Inoltre, sarebbe buona norma evitare espressioni generiche come “l'euro” (o qualsiasi altra cosa) “ha fatto bene all'Italia”, oppure (il che è equivalente) “l'Italia (o il Paese) ci ha guadagnato”.
Bisognerebbe infatti essere più accurati e precisi, ovvero meno evasivi, nel fornire dati e informazioni: quali settori (produttivi e sociali) del Paese ci hanno guadagnato e quali ci hanno rimesso? Questa è la domanda più appropriata.
Infatti è ben difficile che da una riforma o da un'innovazione economica come la sostituzione della moneta nazionale con l'euro, abbiano tratto tutti indistintamente e soltanto benefici.

E i guadagni degli uni hanno compensato le perdite degli altri? Se sì, in che modo?
E' stato un bene recare (eventualmente) svantaggi a determinate categorie sociali o produttive? Se sì, per quale ragione?
Bisognerebbe dare risposta a questi interrogativi con un'analisi puntuale, seria, non approssimativa e non reticente. Farei attenzione soprattutto all'ultima domanda, dato che non è mai una responsabilità da poco quella di recare nocumento a intere categorie di persone, anche se talora si ritiene di farlo in nome di “superiori interessi” e “delle magnifiche sorti e progressive” eccetera. (Dietro le cifre, le statistiche, di aziende che chiudono, o di disoccupati che aumentano, ci sono infatti innanzitutto esseri umani: sarà banale dirlo, ma è utile ad ogni modo ricordarlo in certe circostanze...)

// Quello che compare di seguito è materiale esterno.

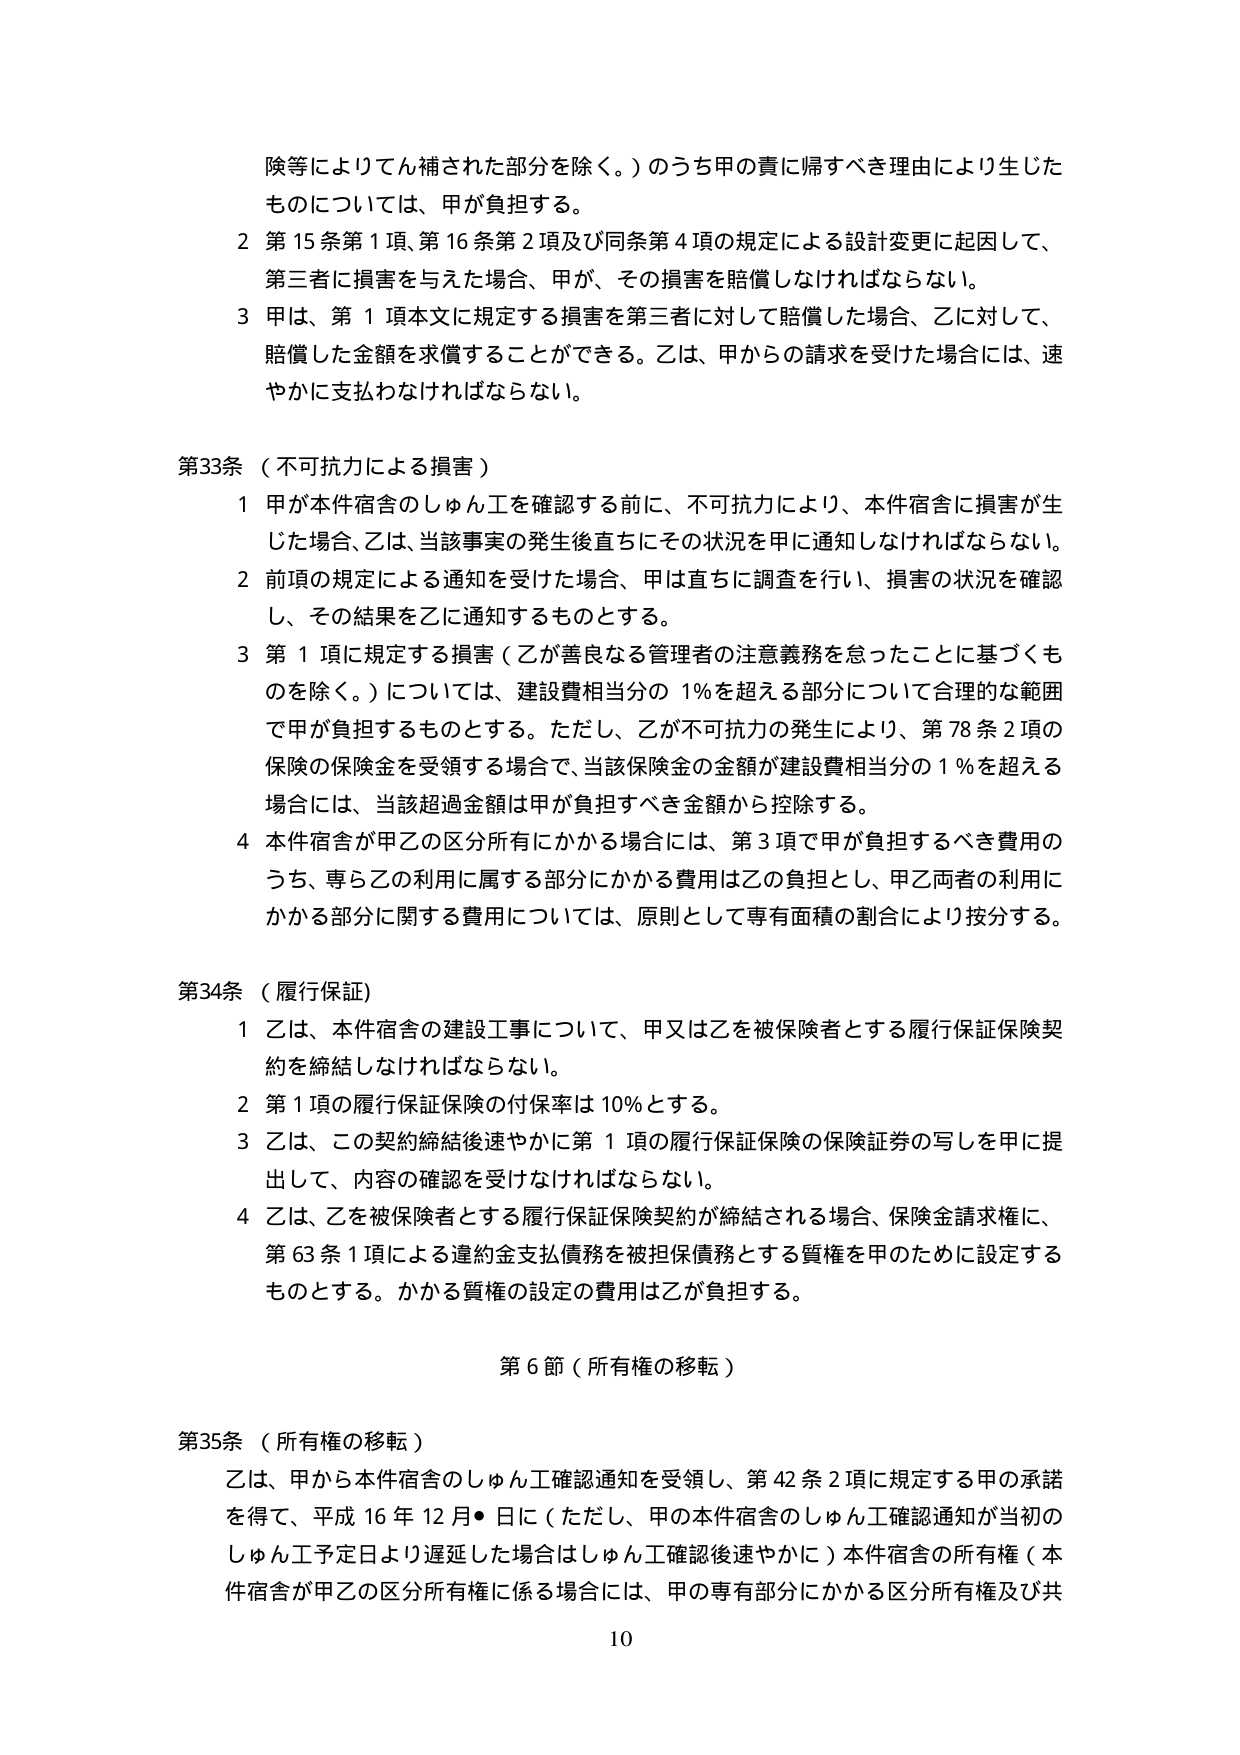
険等によりてん補された部分を除く。）のうち甲の責に帰すべき理由により生じたものについては、甲が負担する。

2 第15条第1項、第16条第2項及び同条第4項の規定による設計変更に起因して、第三者に損害を与えた場合、甲が、その損害を賠償しなければならない。

3 甲は、第1項本文に規定する損害を第三者に対して賠償した場合、乙に対して、賠償した金額を求償することができる。乙は、甲からの請求を受けた場合には、速やかに支払わなければならない。

第33条（不可抗力による損害）

1 甲が本件宿舎のしゅん工を確認する前に、不可抗力により、本件宿舎に損害が生じた場合、乙は、当該事実の発生後直ちにその状況を甲に通知しなければならない。

2 前項の規定による通知を受けた場合、甲は直ちに調査を行い、損害の状況を確認し、その結果を乙に通知するものとする。

3 第1項に規定する損害（乙が善良なる管理者の注意義務を怠ったことに基づくものを除く。）については、建設費相当分の1％を超える部分について合理的な範囲で甲が負担するものとする。ただし、乙が不可抗力の発生により、第78条2項の保険の保険金を受領する場合で、当該保険金の金額が建設費相当分の1％を超える場合には、当該超過金額は甲が負担すべき金額から控除する。

4 本件宿舎が甲乙の区分所有にかかる場合には、第3項で甲が負担するべき費用のうち、専ら乙の利用に属する部分にかかる費用は乙の負担とし、甲乙両者の利用にかかる部分に関する費用については、原則として専有面積の割合により按分する。

第34条（履行保証）

1 乙は、本件宿舎の建設工事について、甲又は乙を被保険者とする履行保証保険契約を締結しなければならない。

2 第1項の履行保証保険の付保率は10％とする。

3 乙は、この契約締結後速やかに第1項の履行保証保険の保険証券の写しを甲に提出して、内容の確認を受けなければならない。

4 乙は、乙を被保険者とする履行保証保険契約が締結される場合、保険金請求権に、第63条1項による違約金支払債務を被担保債務とする質権を甲のために設定するものとする。かかる質権の設定の費用は乙が負担する。

第6節（所有権の移転）

第35条（所有権の移転）

乙は、甲から本件宿舎のしゅん工確認通知を受領し、第42条2項に規定する甲の承諾を得て、平成16年12月●日に（ただし、甲の本件宿舎のしゅん工確認通知が当初のしゅん工予定日より遅延した場合はしゅん工確認後速やかに）本件宿舎の所有権（本件宿舎が甲乙の区分所有権に係る場合には、甲の専有部分にかかる区分所有権及び共

10

Non ci sono cambiamenti, riforme e rivoluzioni che portano solo vantaggi e non danneggiano nessuno: posto che ci è ormai difficile, smaliziati come siamo, dar credito a certe “meraviglie” simili alla “chimera” del moto perpetuo, non è indifferente capire se i vantaggi sono andati prevalentemente a settori già dominanti della società e dell'economia (leggasi: la classica riforma imposta dall'alto per salvaguardare determinati interessi elitari) o se invece si sono distribuiti, per così dire, in maniera equa (è questa la parola chiave: non basta una distribuzione qualsiasi, un semplice “premio di consolazione” per gli sconfitti), sia pure in un lungo lasso di tempo, nella popolazione e specialmente nelle classi sociali più lontane dalle “cabine di regìa” del sistema.

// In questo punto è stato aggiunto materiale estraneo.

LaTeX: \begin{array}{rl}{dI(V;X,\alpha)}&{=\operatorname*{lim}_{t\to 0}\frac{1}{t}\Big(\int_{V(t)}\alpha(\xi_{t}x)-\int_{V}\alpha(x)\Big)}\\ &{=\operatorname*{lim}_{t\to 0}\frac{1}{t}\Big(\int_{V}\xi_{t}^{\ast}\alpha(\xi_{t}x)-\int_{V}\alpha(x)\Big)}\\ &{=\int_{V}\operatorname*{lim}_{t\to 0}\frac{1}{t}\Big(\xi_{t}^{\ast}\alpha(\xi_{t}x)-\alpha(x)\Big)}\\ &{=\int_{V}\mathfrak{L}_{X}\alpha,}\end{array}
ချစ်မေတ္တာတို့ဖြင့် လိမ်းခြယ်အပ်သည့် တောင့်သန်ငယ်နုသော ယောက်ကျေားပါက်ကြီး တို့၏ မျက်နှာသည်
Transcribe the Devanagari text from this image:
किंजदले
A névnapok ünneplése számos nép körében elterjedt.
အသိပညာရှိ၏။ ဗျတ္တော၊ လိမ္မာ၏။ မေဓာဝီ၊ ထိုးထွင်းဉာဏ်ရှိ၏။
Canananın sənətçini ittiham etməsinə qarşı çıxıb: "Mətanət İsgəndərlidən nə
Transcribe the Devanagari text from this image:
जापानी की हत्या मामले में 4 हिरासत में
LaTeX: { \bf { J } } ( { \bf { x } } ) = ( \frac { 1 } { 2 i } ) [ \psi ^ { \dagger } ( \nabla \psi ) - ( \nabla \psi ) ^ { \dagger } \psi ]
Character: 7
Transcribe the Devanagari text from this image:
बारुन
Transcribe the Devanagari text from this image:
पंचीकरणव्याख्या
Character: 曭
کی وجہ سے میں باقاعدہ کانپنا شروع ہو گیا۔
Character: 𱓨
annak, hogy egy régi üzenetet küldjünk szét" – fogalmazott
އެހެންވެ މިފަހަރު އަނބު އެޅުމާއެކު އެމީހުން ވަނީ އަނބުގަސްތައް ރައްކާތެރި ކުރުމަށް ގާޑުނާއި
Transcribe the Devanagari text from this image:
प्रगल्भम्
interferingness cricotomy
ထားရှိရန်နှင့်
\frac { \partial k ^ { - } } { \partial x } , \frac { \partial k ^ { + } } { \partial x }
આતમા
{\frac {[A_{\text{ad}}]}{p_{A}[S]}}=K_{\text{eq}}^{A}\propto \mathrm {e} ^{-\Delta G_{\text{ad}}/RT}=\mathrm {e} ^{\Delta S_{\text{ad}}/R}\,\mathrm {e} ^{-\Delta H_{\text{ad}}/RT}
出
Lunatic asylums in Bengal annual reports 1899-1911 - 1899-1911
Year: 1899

Fra i sostenitori dell'uscita dall'euro (alla quale alcuni hanno già trovato un nome popeuroexit), vi sono teorici ed economisti che elaborano analisi serie, interessanti, che andrebbero prese in considerazione e non liquidate con aria di sufficienza e scrollatine di spalle da parte di chicchessia.

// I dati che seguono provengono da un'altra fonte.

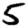
Digit: 5
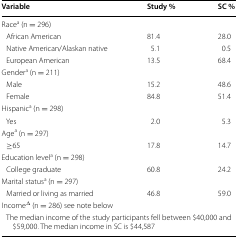
<table><thead><tr><td><b>Variable</b></td><td><b>Study %</b></td><td><b>SC %</b></td></tr></thead><tbody><tr><td colspan="3">Race<sup>a</sup> (n = 296)</td></tr><tr><td> African American</td><td>81.4</td><td>28.0</td></tr><tr><td> Native American/Alaskan native</td><td>5.1</td><td>0.5</td></tr><tr><td> European American</td><td>13.5</td><td>68.4</td></tr><tr><td colspan="3">Gender<sup>a</sup> (n = 211)</td></tr><tr><td> Male</td><td>15.2</td><td>48.6</td></tr><tr><td> Female</td><td>84.8</td><td>51.4</td></tr><tr><td colspan="3">Hispanic<sup>a</sup> (n = 298)</td></tr><tr><td> Yes</td><td>2.0</td><td>5.3</td></tr><tr><td colspan="3">Age<sup>a</sup> (n = 297)</td></tr><tr><td> ≥65</td><td>17.8</td><td>14.7</td></tr><tr><td colspan="3">Education level<sup>a</sup> (n = 298)</td></tr><tr><td> College graduate</td><td>60.8</td><td>24.2</td></tr><tr><td colspan="3">Marital status<sup>a</sup> (n = 297)</td></tr><tr><td> Married or living as married</td><td>46.8</td><td>59.0</td></tr><tr><td colspan="3">Income<sup>∆</sup> (n = 286) see note below</td></tr><tr><td colspan="3"> The median income of the study participants fell between $40,000 and $59,000. The median income in SC is $44,587</td></tr></tbody></table>
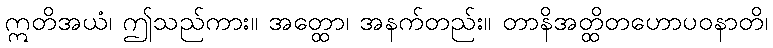
ဣတိအယံ၊ ဤသည်ကား။ အတ္ထော၊ အနက်တည်း။ တာနိအတ္ထိတဟောပဝနာတိ၊
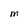
Character: M
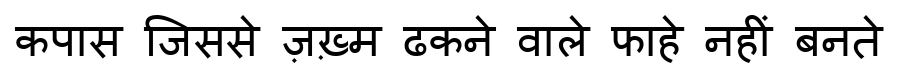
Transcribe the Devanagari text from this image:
कपास जिससे ज़ख़्म ढकने वाले फाहे नहीं बनते
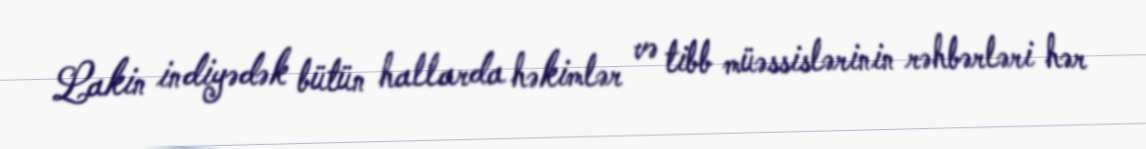
Lakin indiyədək bütün hallarda həkimlər və tibb müəssislərinin rəhbərləri hər
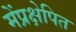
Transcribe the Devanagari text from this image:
मेंप्रक्षेपित
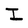
Character: I
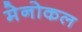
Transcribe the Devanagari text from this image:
मेनोकल
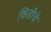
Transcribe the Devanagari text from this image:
किडींचे
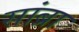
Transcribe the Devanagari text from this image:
सांब्रा
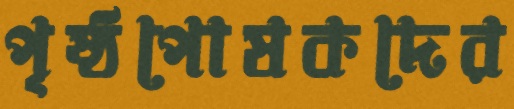
পৃষ্ঠপোষকদের
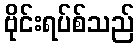
ဗိုင်းရပ်စ်သည်
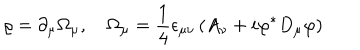
\varrho = \partial _ { \mu } \Omega _ { \mu } , \quad \Omega _ { \mu } = \frac 1 4 \epsilon _ { \mu \nu } \left( A _ { \nu } + i \varphi ^ { * } D _ { \mu } \varphi \right)
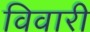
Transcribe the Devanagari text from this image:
विवारी
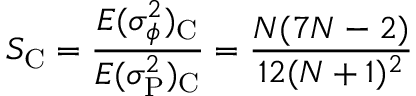
S _ { \mathrm C } = { \frac { E ( \sigma _ { \phi } ^ { 2 } ) _ { \mathrm C } } { E ( \sigma _ { \mathrm P } ^ { 2 } ) _ { \mathrm C } } } = { \frac { N ( 7 N - 2 ) } { 1 2 ( N + 1 ) ^ { 2 } } }
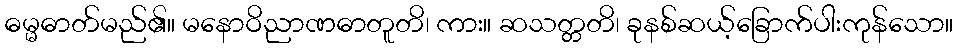
ဓမ္မဓာတ်မည်၏။ မနောဝိညာဏဓာတူတိ၊ ကား။ ဆသတ္တတိ၊ ခုနစ်ဆယ့်ခြောက်ပါးကုန်သော။
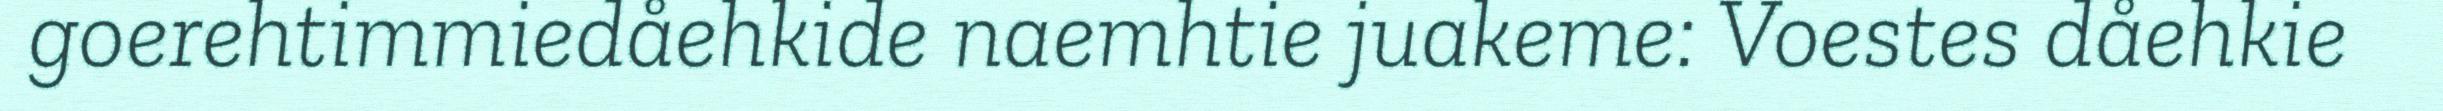
goerehtimmiedåehkide naemhtie juakeme: Voestes dåehkie
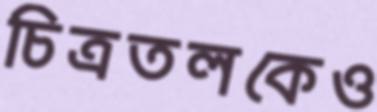
চিত্রতলকেও
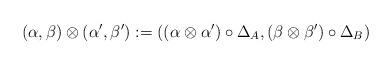
LaTeX: \begin{align*} (\alpha,\beta) \otimes (\alpha',\beta') &:= ((\alpha\otimes \alpha')\circ \Delta_{A},(\beta\otimes \beta')\circ \Delta_{B})\end{align*}
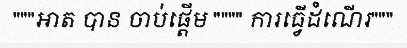
"""អាត បាន ចាប់ផ្តើម """" ការធ្វើដំណើរ"""
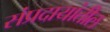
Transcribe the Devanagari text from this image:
संप्रदायांतील
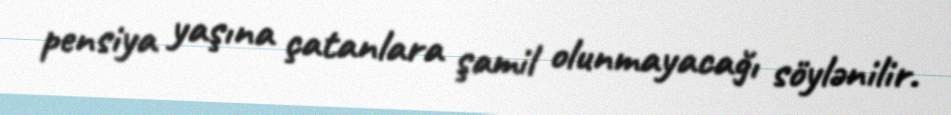
pensiya yaşına çatanlara şamil olunmayacağı söylənilir.
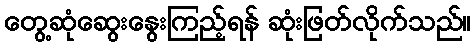
တွေ့ဆုံဆွေးနွေးကြည့်ရန် ဆုံးဖြတ်လိုက်သည်။
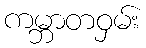
ကမ္ဘာတဝှမ်း
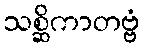
သစ္ဆိကာတဗ္ဗံ
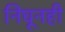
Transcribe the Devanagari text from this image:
निघूनही
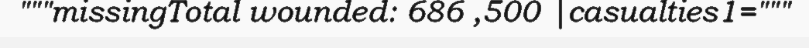
"""missingTotal wounded: 686 ,500 |casualties1="""
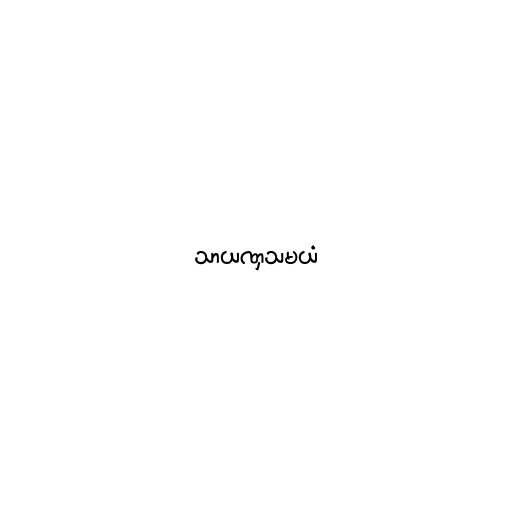
သာယဏှသမယံ
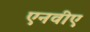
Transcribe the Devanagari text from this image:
एनवीए
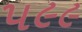
૫૯૯
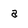
Character: a
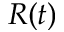
R ( t )
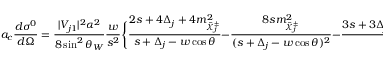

Mi permetto però di distinguere i teorici ed accademici che riflettono con scrupolo scientifico sulle opportunità e sulle ricadute positive offerte dall'ipotesi di uscita dall'euro, nonché sulle conseguenze che nel breve, medio e lungo periodo si determinerebbero nell'economia nazionale, e in genere coloro che almeno si informano con attenzione, da coloro che “a pelle” (in strada, sui social network, sulla stampa, ma anche nei partiti) pensano che sia meglio uscire dall'euro, senza tuttavia sottrarsi alla tentazione ben poco razionale e ragionevole di attribuire a questo evento auspicato una funzione genericamente salvifica e psicologicamente “liberatoria”.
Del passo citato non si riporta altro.